Trisomie 13 (Pätau-Syndrom)

In ca. 80 % der Fälle liegt eine freie Trisomie 13 vor, wobei das überzählige Chromosom 13 bei 85 % mütterlicher Herkunft ist. In 20 % ist eine Translokation mit einem anderen Chromosom die Ursache. Mosaike werden bei 5 % von Kindern mit Pätau-Syndrom gefunden. Es besteht eine Abhängigkeit vom mütterlichen Alter. Die Häufigkeit unter Lebendgeborenen beträgt etwa 1:5000, die Spontanabortrate im 2. und 3. Trimenon beträgt ca. 43 %. Die meisten betroffenen Kinder sterben im 1. Lebensjahr, die mittlere Lebensdauer beträgt nur wenige Monate. Die häufigsten Fehlbildungen bei Kindern mit Pätau-Syndrom sind eine Mikro- oder Anophthalmie, eine Lippen-Kiefer-Gaumenspalte, eine Holoprosenzephalie, tiefsitzende dysplastische Ohren, eine postaxiale Polydaktylie, Herzfehler und Fehlbildungen des Urogenitalsystems [7].
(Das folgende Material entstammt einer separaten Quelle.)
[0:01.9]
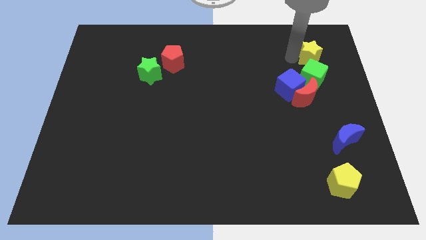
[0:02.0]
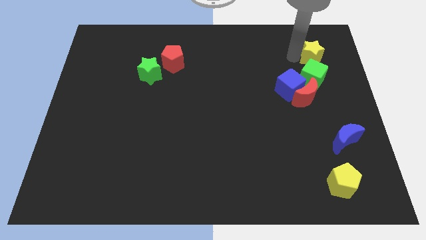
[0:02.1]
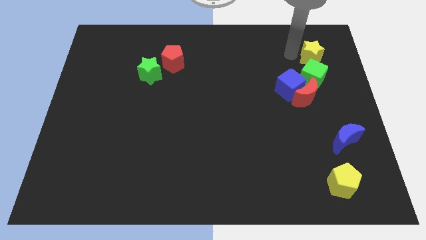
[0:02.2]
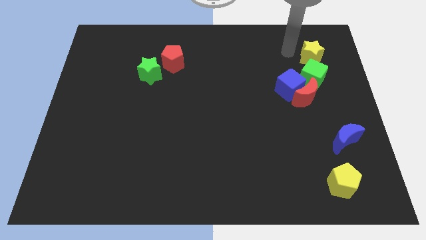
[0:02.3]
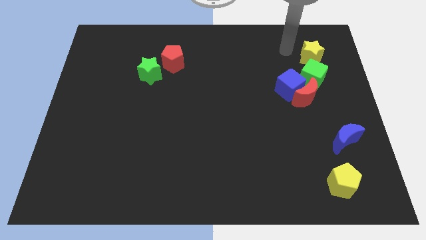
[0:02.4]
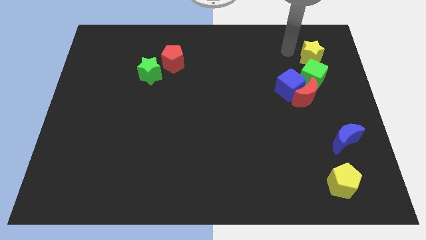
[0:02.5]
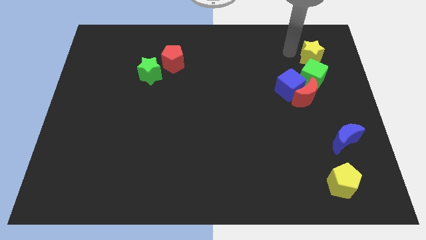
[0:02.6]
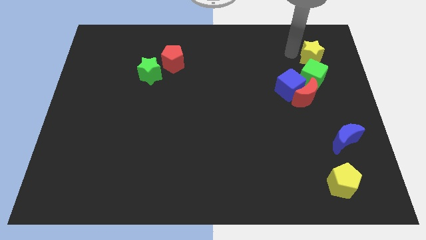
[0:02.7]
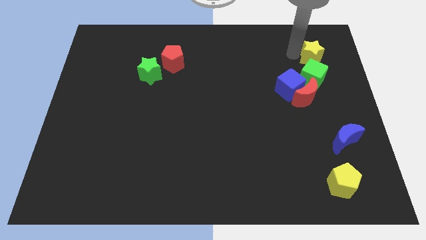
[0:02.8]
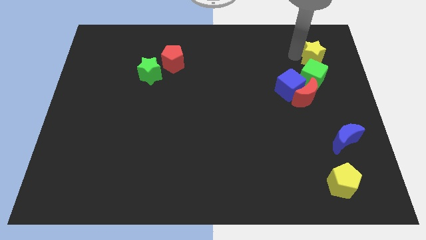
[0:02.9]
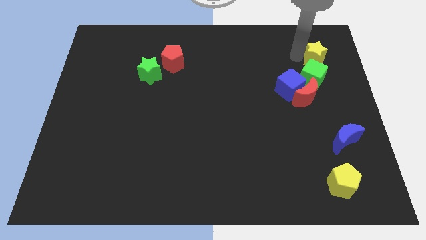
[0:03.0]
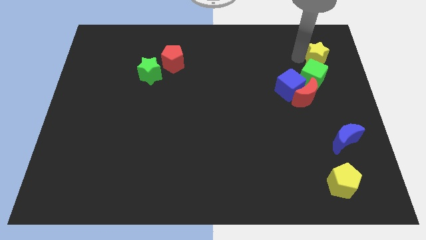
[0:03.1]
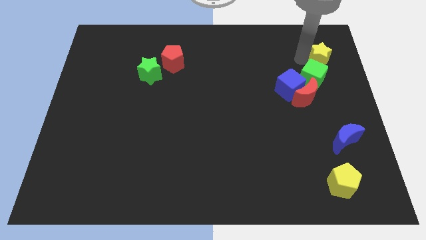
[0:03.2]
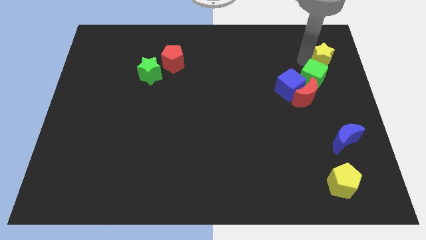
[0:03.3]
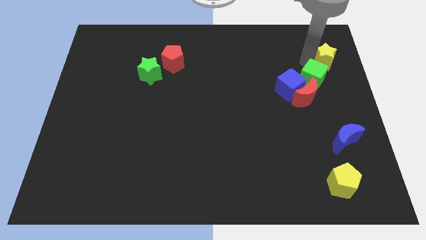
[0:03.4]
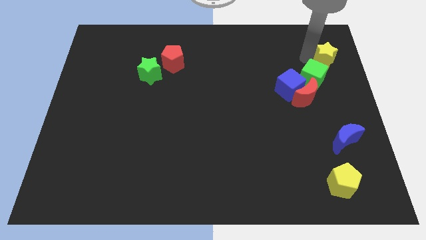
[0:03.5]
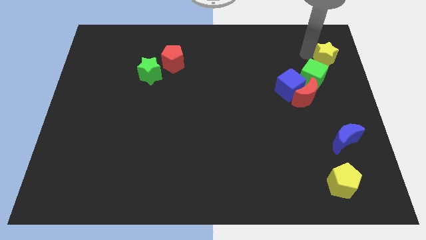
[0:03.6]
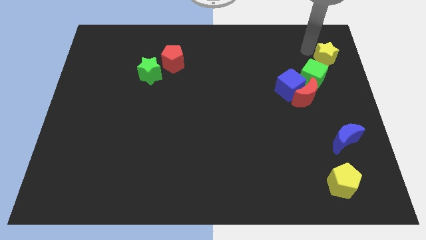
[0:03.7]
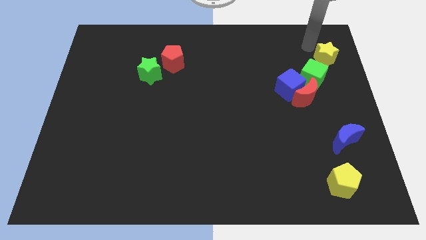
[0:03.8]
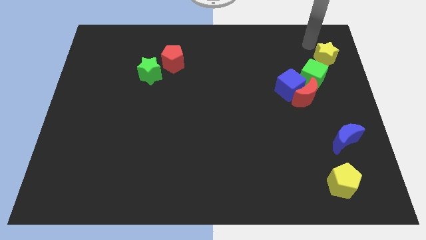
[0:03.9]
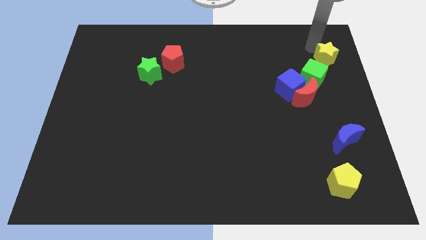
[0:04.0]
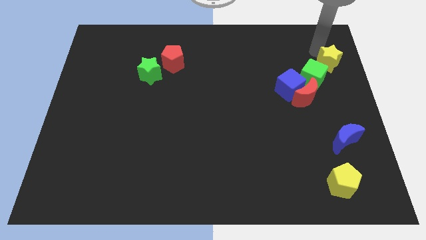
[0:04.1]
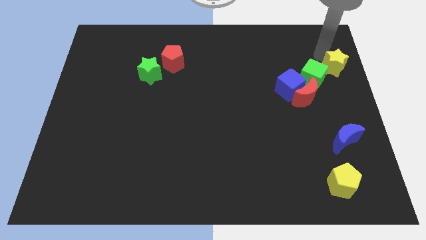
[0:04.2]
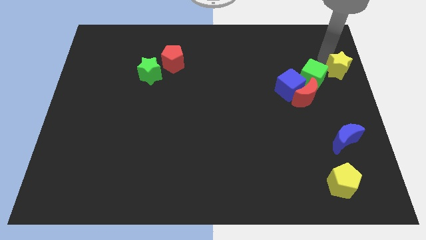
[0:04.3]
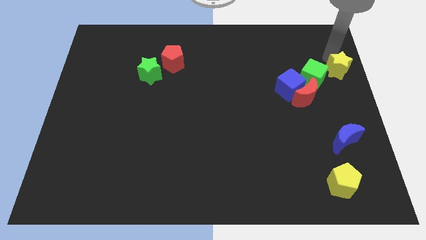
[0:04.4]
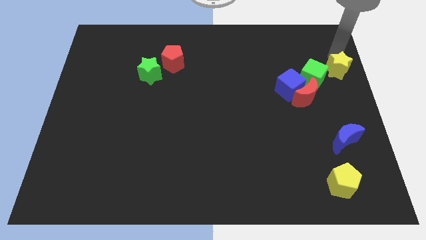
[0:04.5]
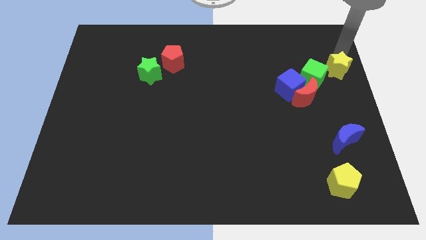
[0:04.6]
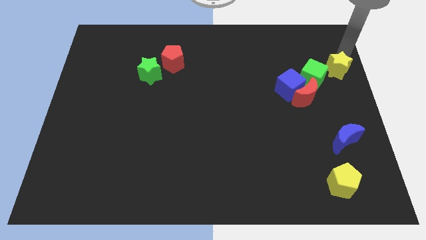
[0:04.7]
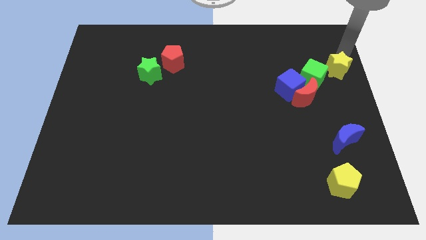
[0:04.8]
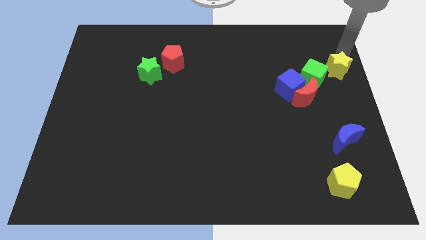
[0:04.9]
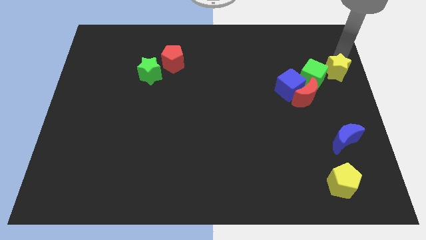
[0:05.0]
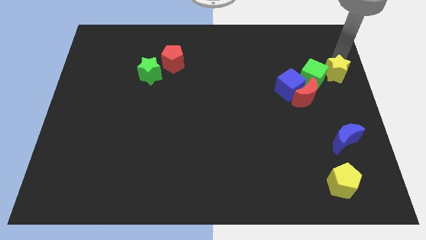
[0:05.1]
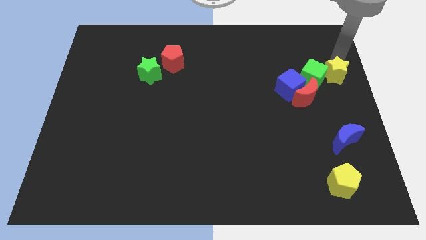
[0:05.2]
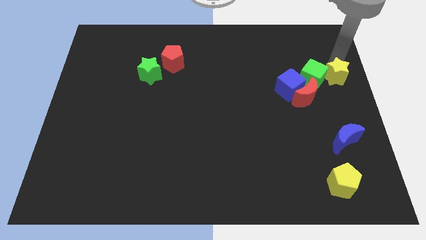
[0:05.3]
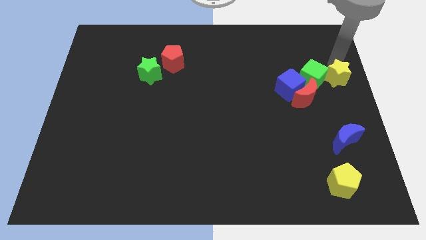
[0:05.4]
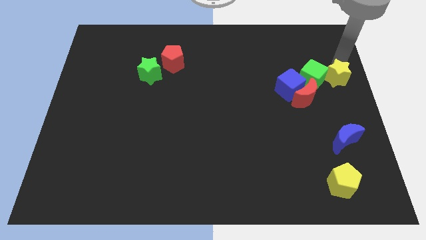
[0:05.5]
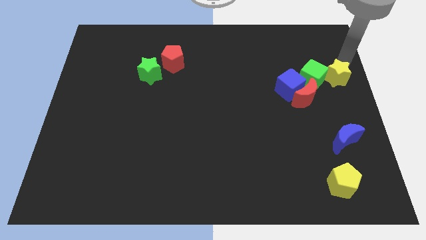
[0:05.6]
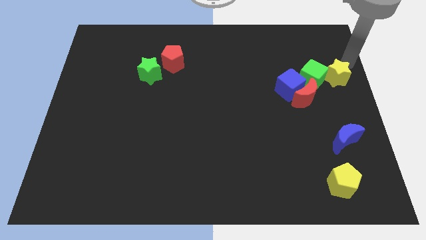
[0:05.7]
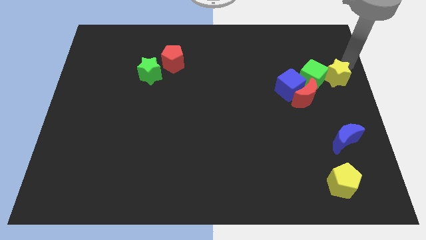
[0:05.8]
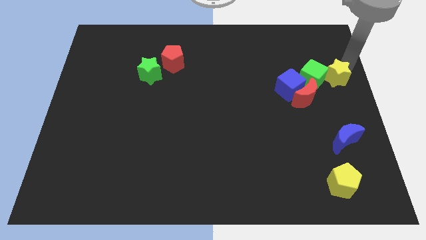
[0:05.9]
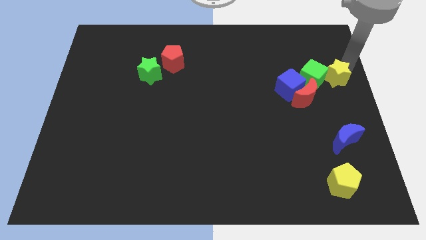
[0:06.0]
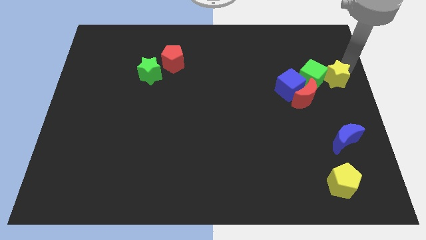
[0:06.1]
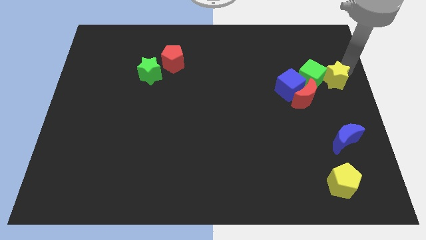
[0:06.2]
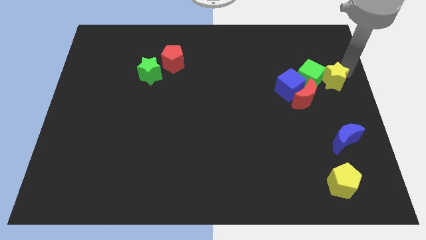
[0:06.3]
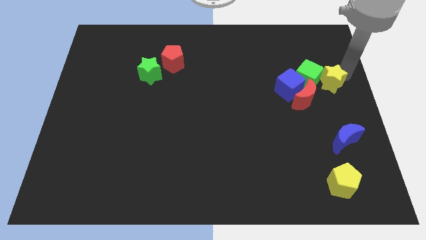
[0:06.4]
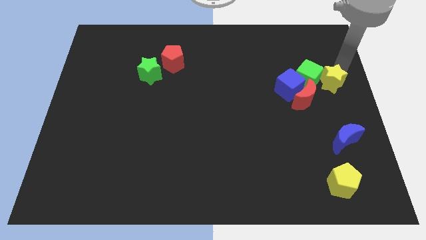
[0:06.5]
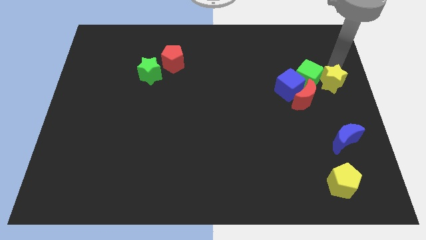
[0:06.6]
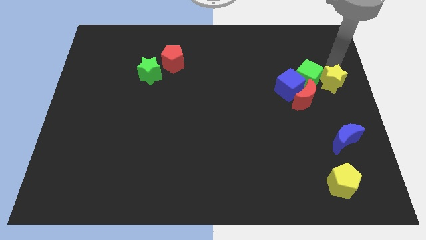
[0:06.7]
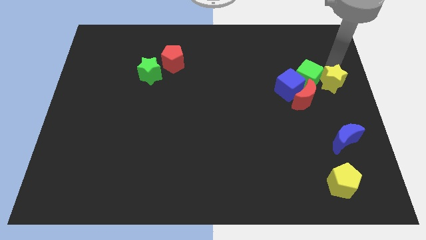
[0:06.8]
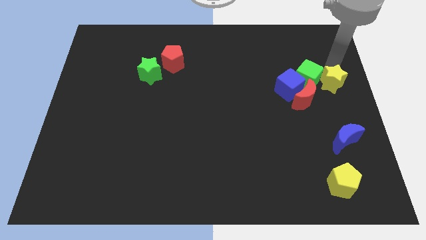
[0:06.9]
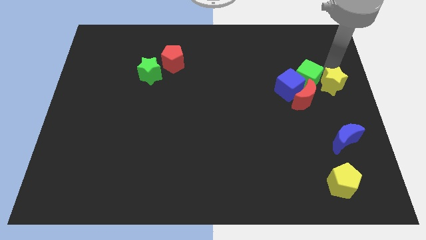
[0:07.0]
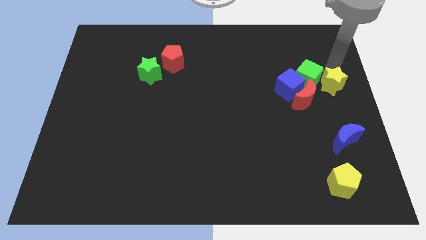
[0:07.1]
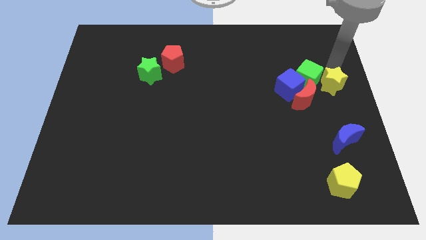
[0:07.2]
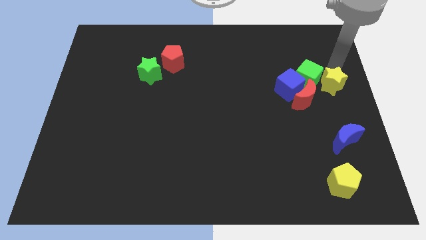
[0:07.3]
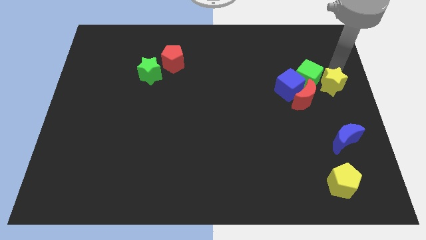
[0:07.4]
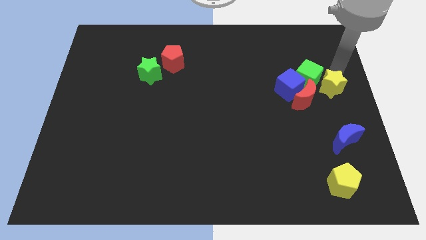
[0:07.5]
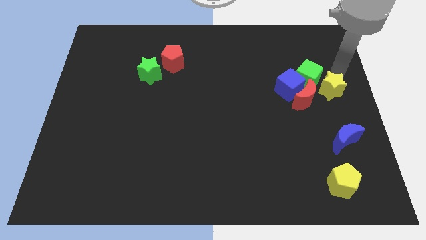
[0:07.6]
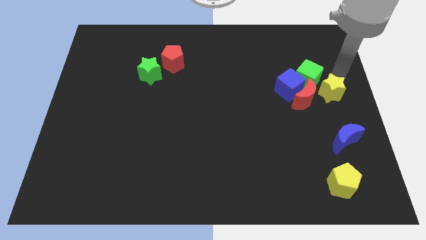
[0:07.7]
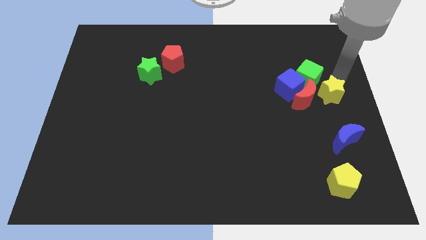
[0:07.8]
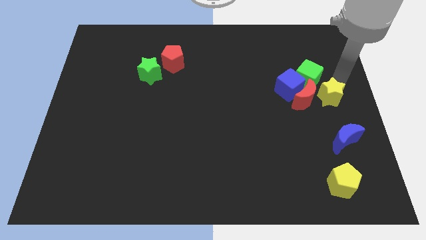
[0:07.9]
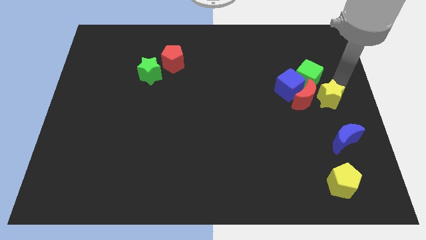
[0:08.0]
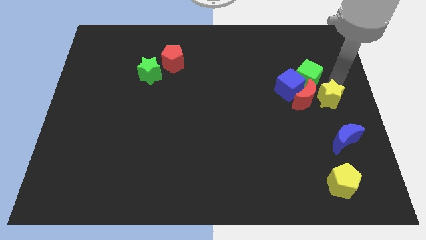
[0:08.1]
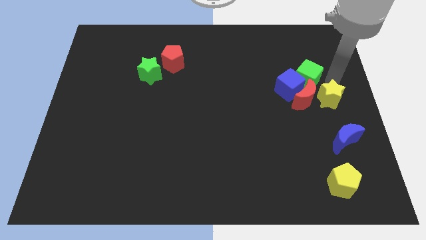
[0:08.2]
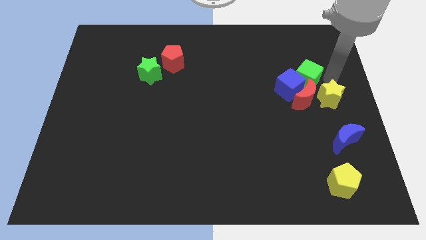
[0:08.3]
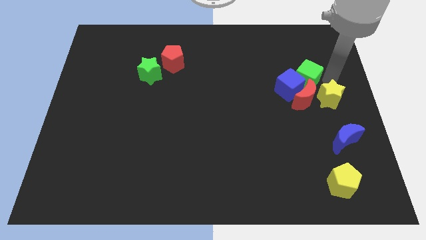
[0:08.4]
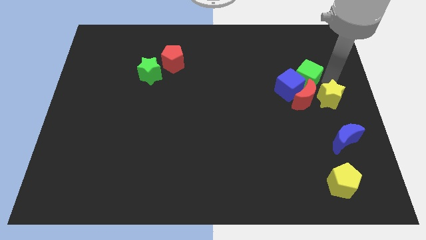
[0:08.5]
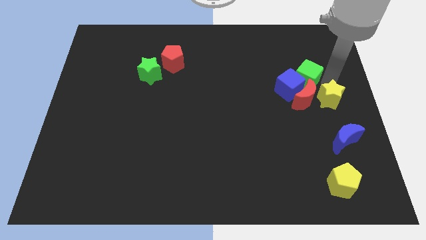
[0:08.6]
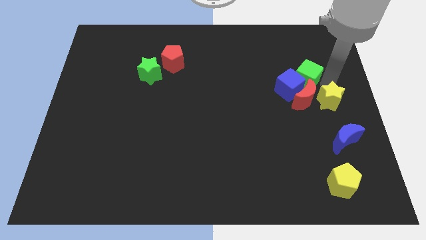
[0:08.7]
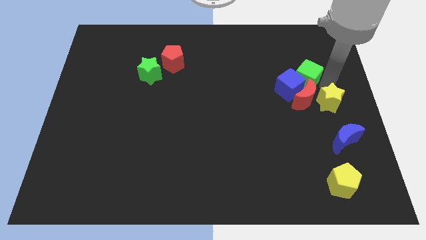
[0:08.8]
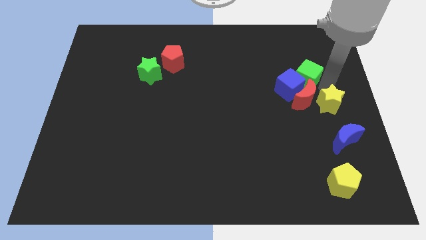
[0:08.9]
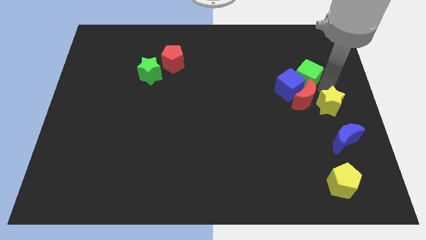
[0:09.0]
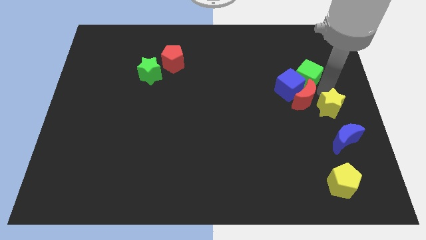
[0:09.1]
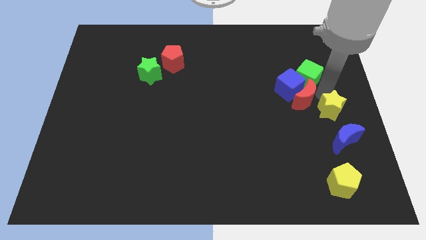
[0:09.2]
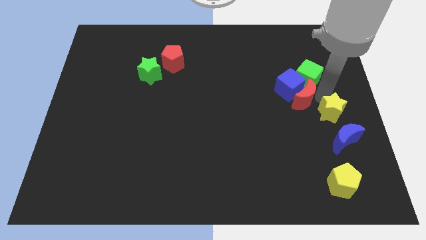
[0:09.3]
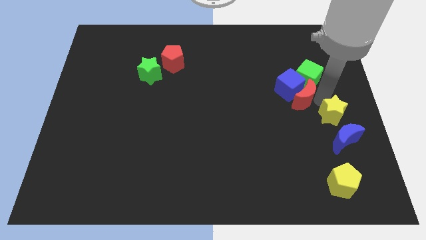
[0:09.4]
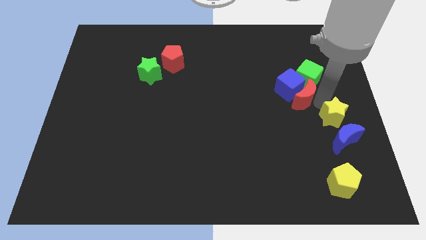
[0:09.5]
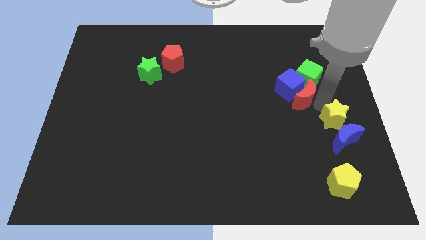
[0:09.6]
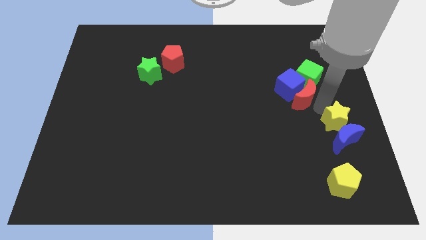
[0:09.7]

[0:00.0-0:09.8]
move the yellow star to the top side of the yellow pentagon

Trisomie 18 (Edwards-Syndrom)

In ca. 80 % der Fälle liegt eine freie Trisomie 18 vor, ca. 95 % dieser freien Trisomien entstehen durch Non-Disjunction in der 1. oder 2. meiotischen Teilung bei der Mutter. In 20 % werden Translokationstrisomien und Mosaike gefunden.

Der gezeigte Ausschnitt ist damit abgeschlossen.